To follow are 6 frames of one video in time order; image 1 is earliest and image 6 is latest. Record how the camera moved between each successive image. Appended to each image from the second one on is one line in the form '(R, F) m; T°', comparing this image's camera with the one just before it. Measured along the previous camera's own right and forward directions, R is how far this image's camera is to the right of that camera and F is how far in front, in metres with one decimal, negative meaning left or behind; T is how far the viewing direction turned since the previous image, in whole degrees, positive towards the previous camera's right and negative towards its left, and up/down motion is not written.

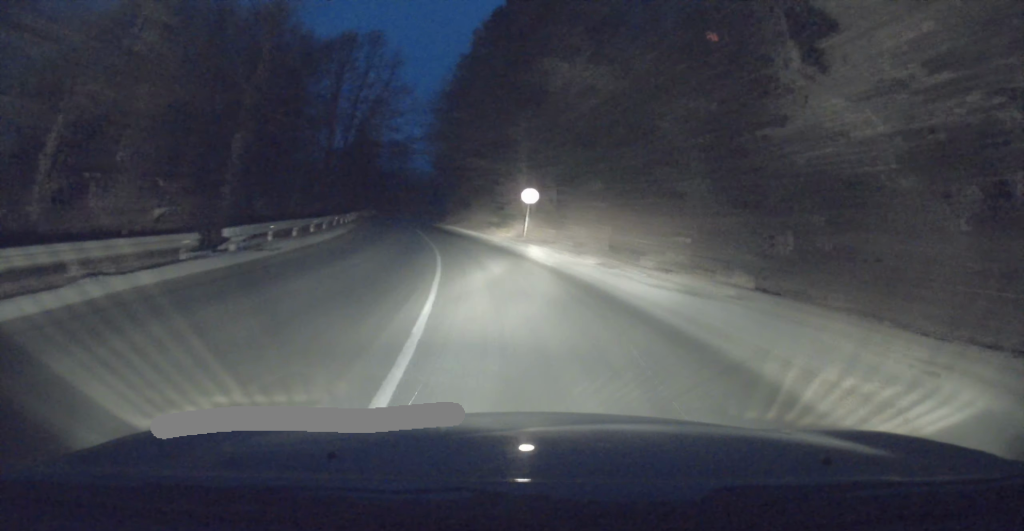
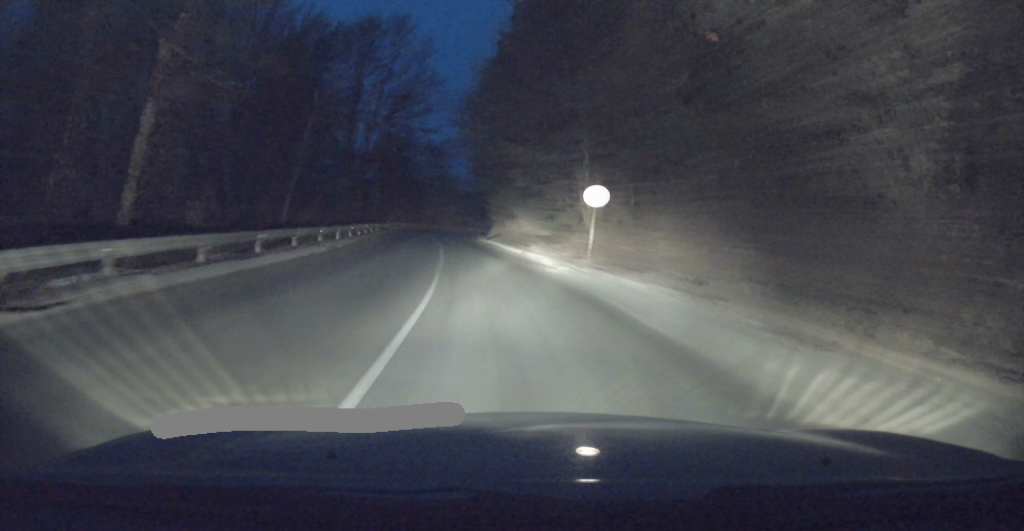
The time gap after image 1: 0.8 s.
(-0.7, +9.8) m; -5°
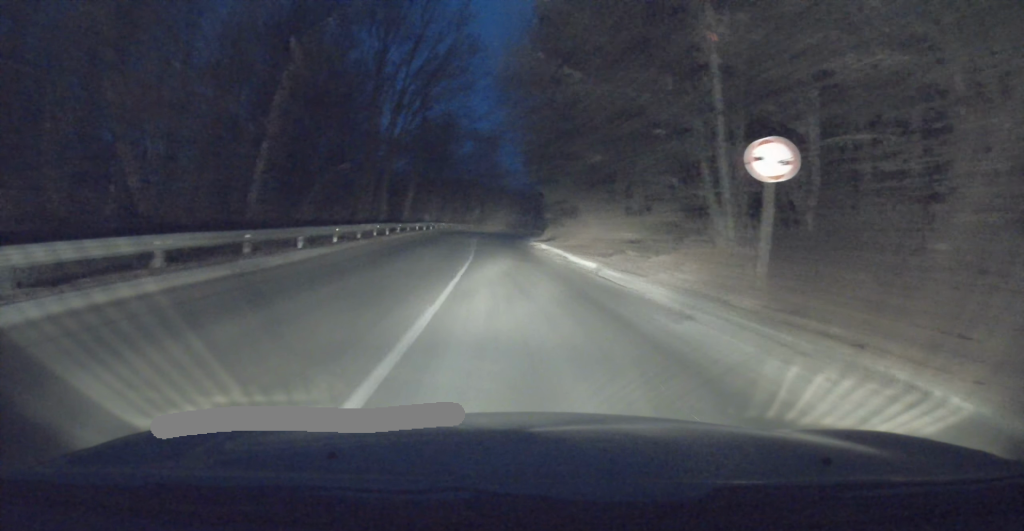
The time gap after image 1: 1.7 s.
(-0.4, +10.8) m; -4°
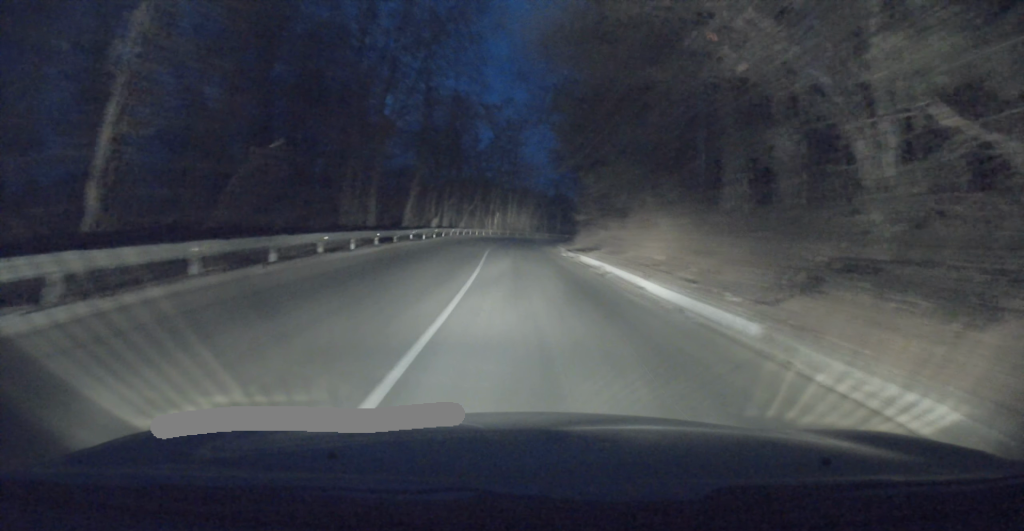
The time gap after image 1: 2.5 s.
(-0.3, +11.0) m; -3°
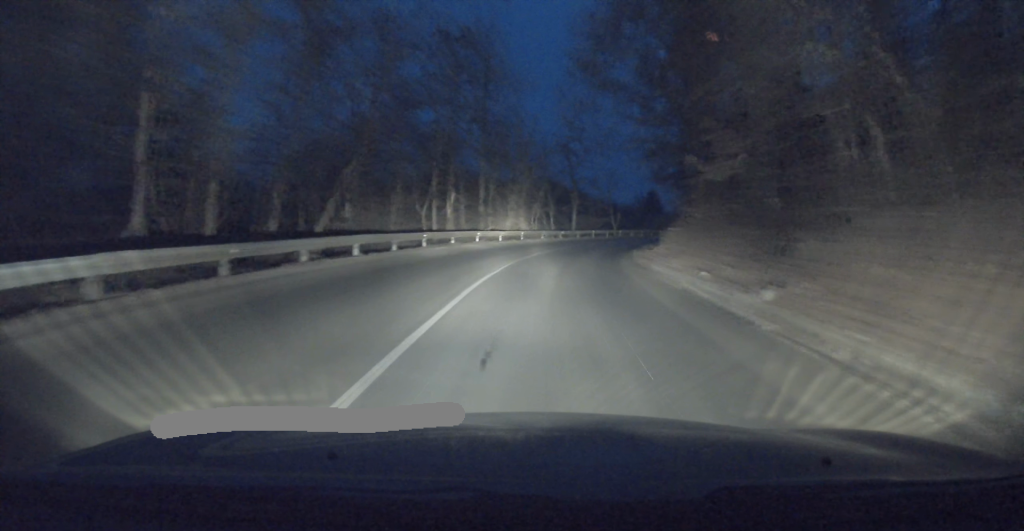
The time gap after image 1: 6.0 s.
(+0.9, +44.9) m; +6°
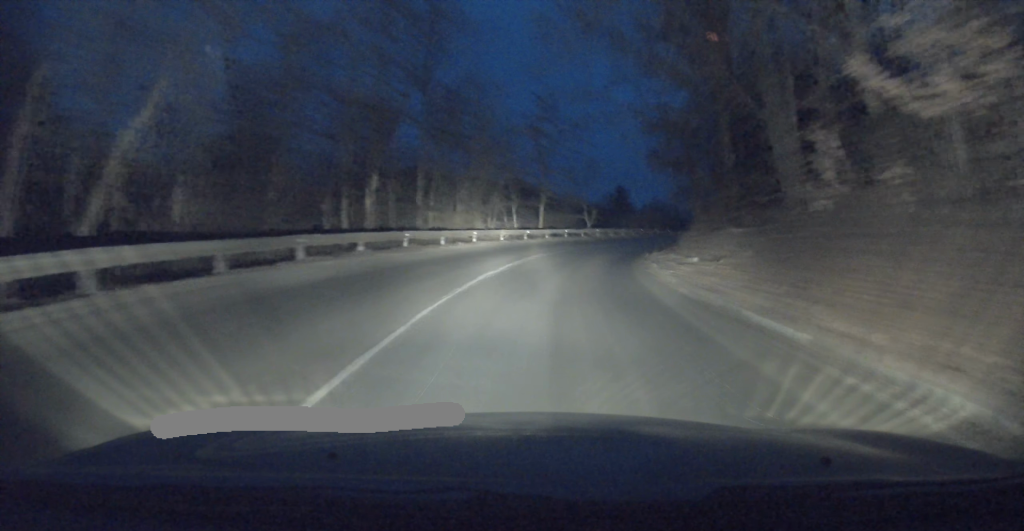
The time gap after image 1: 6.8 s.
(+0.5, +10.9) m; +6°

--

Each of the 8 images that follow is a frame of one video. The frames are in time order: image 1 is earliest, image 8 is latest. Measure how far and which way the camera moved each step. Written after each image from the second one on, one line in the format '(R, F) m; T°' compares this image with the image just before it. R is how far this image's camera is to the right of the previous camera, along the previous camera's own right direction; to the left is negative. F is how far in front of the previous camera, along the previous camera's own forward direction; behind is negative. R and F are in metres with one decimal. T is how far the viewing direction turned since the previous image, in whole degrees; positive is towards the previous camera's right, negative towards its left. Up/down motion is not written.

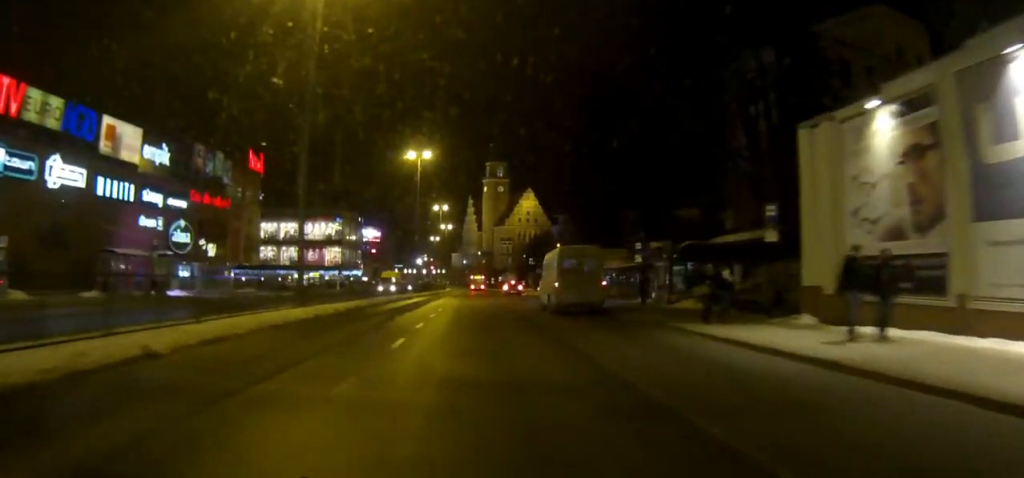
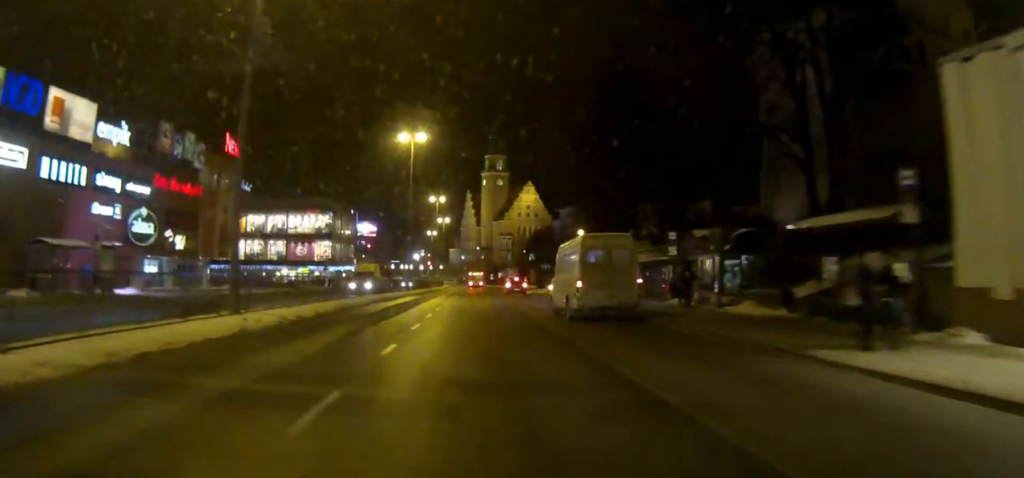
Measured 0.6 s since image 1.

Your objective:
Check each line of the material for the word "Measured". Copy the ones that have it.

Task result:
To follow are 6 frames of one video in time order; image 1 is earliest and image 6 is latest. Record how the camera moved between each successive image. Appended to each image from the second one on is one line in the form '(R, F) m; T°', comparing this image's camera with the one just before it. Measured along the previous camera's own right and forward directions, R is how far this image's camera is to the right of that camera and F is how far in front, in metres with one decimal, negative meaning left or behind; T is how far the viewing direction turned since the previous image, in whole degrees, positive towards the previous camera's right and negative towards its left, and up/down motion is not written.
Measured 0.6 s since image 1.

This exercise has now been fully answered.